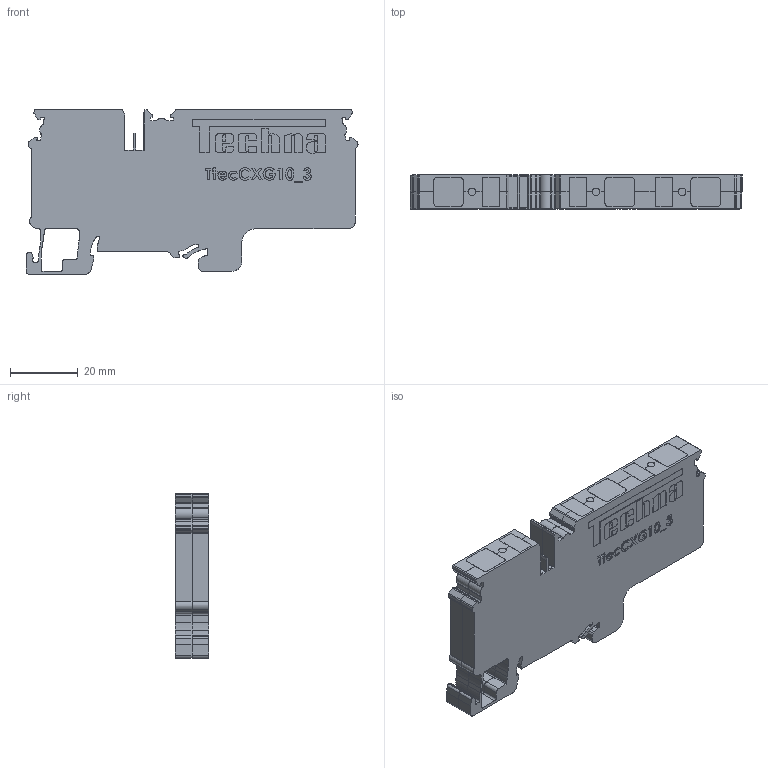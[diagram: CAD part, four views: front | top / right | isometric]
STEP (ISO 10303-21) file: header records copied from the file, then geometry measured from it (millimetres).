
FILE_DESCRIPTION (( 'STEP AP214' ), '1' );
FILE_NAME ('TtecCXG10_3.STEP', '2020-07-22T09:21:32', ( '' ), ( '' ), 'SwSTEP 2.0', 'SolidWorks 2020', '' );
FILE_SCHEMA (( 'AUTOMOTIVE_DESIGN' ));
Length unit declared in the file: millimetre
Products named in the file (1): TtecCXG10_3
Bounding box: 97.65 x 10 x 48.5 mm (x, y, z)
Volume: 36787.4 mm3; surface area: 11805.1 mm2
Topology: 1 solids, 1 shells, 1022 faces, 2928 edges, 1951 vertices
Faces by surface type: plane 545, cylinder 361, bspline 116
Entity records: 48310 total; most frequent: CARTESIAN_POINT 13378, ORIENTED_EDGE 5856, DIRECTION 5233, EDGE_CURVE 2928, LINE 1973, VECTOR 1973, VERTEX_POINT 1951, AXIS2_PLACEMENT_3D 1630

- _TASK GOAL_
The line with "STEP (ISO 10303-21)" and every line after it up to the end of the entries: output those exactly, and only those.

- _SOLUTION FOR THIS TASK_
STEP (ISO 10303-21) file: header records copied from the file, then geometry measured from it (millimetres).
FILE_DESCRIPTION (( 'STEP AP214' ), '1' );
FILE_NAME ('TtecCXG10_3.STEP', '2020-07-22T09:21:32', ( '' ), ( '' ), 'SwSTEP 2.0', 'SolidWorks 2020', '' );
FILE_SCHEMA (( 'AUTOMOTIVE_DESIGN' ));
Length unit declared in the file: millimetre
Products named in the file (1): TtecCXG10_3
Bounding box: 97.65 x 10 x 48.5 mm (x, y, z)
Volume: 36787.4 mm3; surface area: 11805.1 mm2
Topology: 1 solids, 1 shells, 1022 faces, 2928 edges, 1951 vertices
Faces by surface type: plane 545, cylinder 361, bspline 116
Entity records: 48310 total; most frequent: CARTESIAN_POINT 13378, ORIENTED_EDGE 5856, DIRECTION 5233, EDGE_CURVE 2928, LINE 1973, VECTOR 1973, VERTEX_POINT 1951, AXIS2_PLACEMENT_3D 1630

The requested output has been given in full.